Now eight teams are trying to bring something similar to practices.
Yes, practice. We’re talking about practice.
These teams are attaching a old-school pager sized electronic device (called OptimEye from Australian company Catapult Sports) to the back of players’ jerseys that tracks every movement they make — every cut, jump and sprint — then gives the team a report on how fast, how far and where the player’s heart rate was during the workout, reports Jeff Caplan at NBA.com.
“We just want to be able to get smarter about our players and how to train them and how to put them in a position to succeed,” said Mavs owner Mark Cuban. “So that’s just one component of a lot of different things that we’re doing.”
This is not new technology — a number of other sports use it, including some NFL teams.
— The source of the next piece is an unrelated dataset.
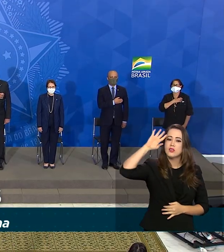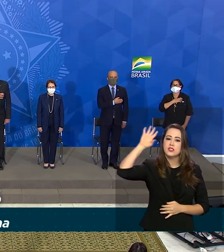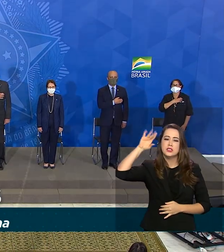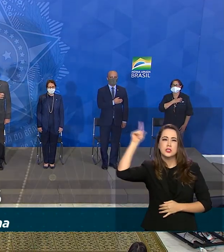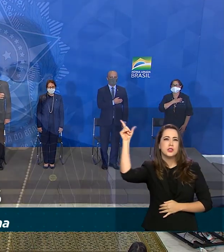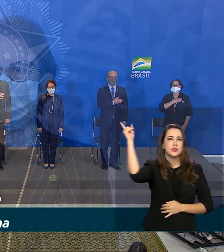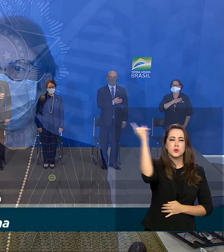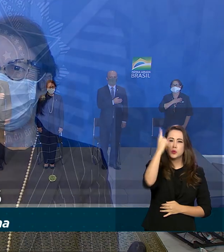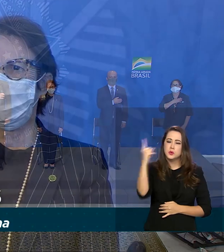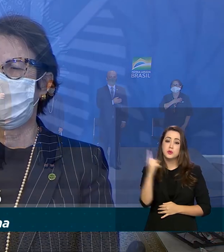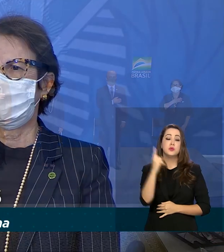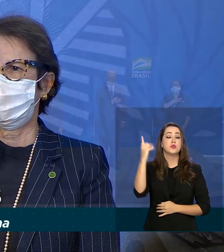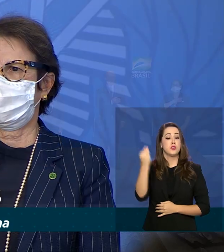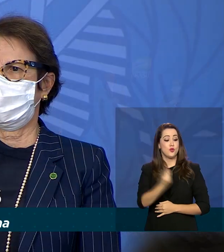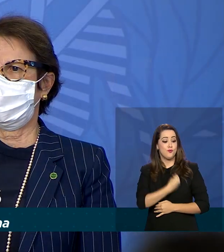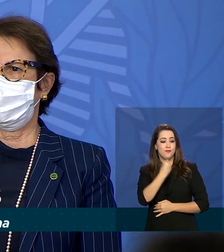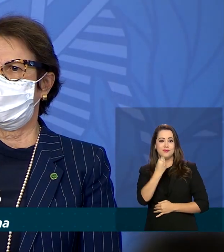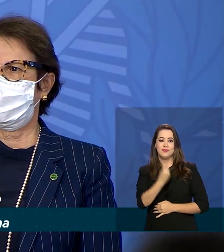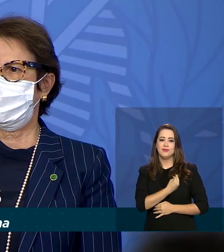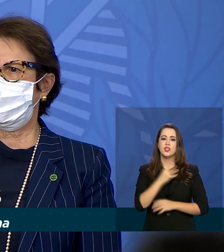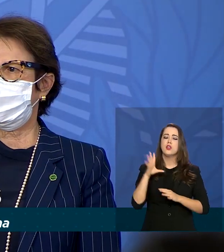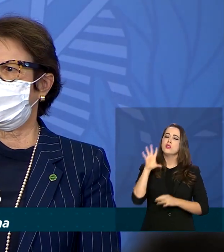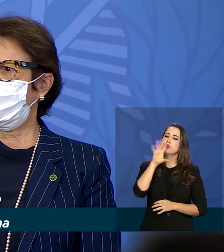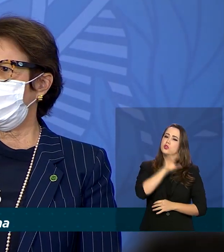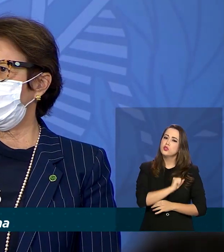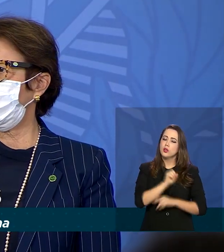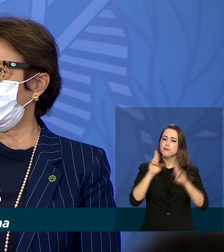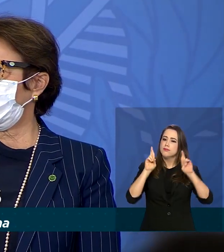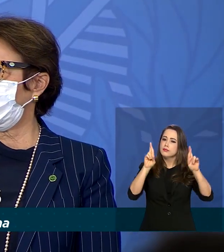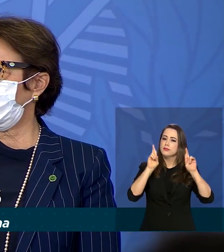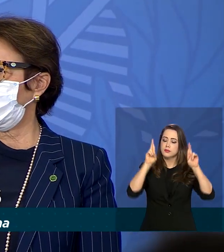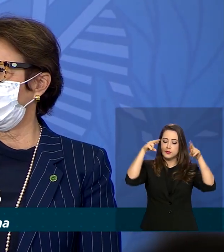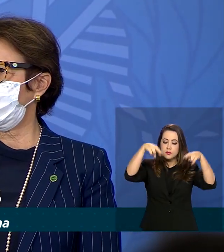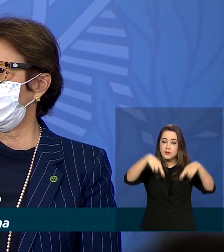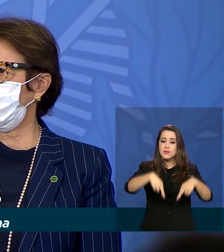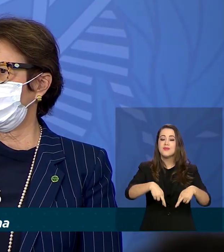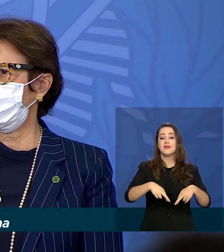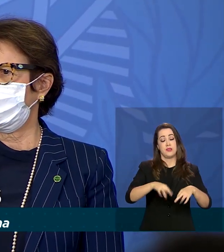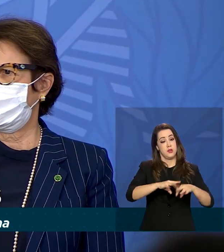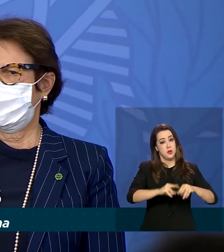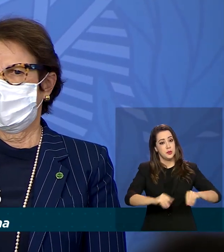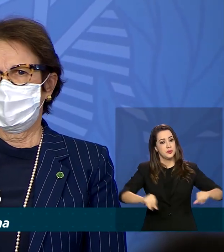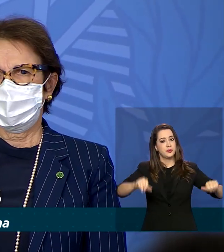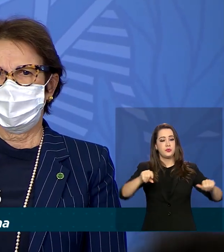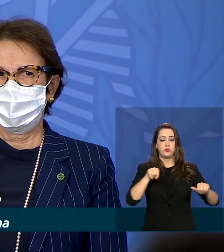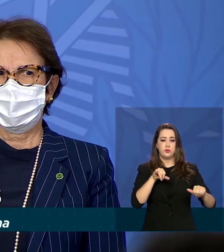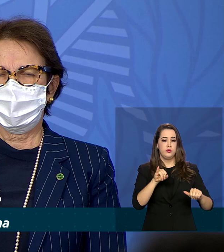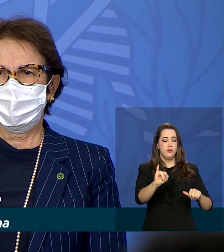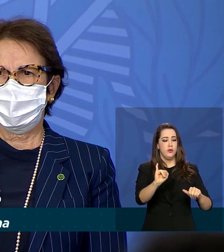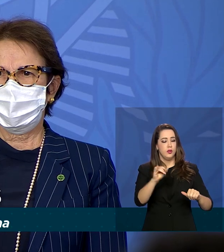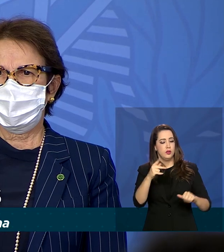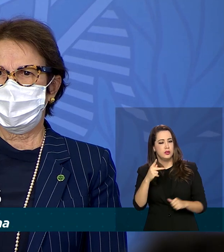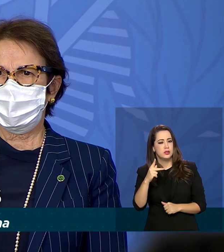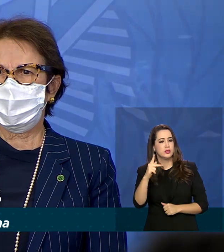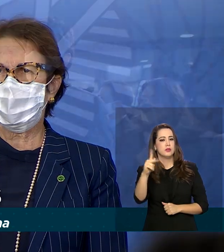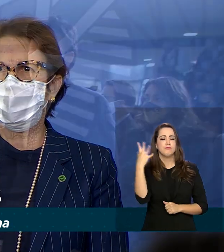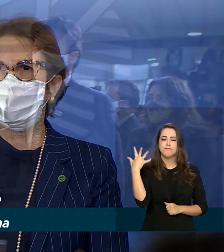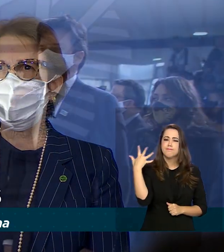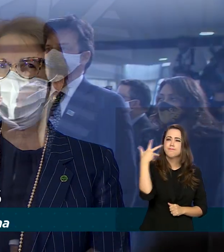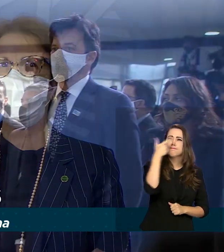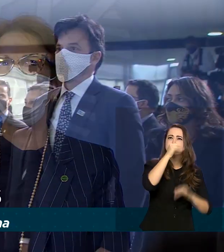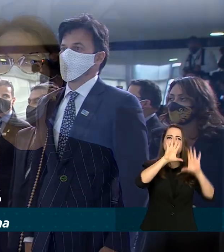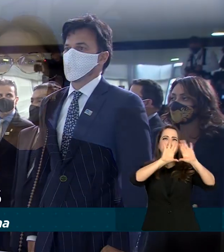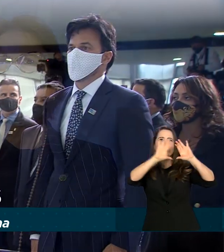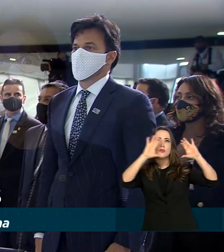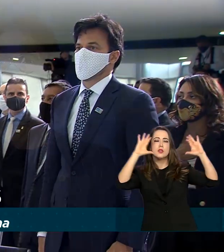raio límido, de amor e de esperança, a terra desce. Sim, meu formoso, céu,

The Knicks used it last season on Jason Kidd.
Before Kidd returned from injury, he wore the device during workouts to track his acceleration, agility and force. As Forbes’ Alex Konrad reported, with a benchmark reading set in the preseason, the team got the numbers it needed to clear him to play. It allows for specific measurements to be met, rather than a player approximating his readiness. How many times have you heard an athlete say he’s about 85 percent? What exactly does that mean?
Mark Cuban wants to use it in preseason games to see what data they collect, he told NBA.com. Of course, the league may kill that idea but they haven’t yet. It would be interesting, and you would be able to tell which guys are kind of dogging it in games (although in preseason, a lot more guys do that).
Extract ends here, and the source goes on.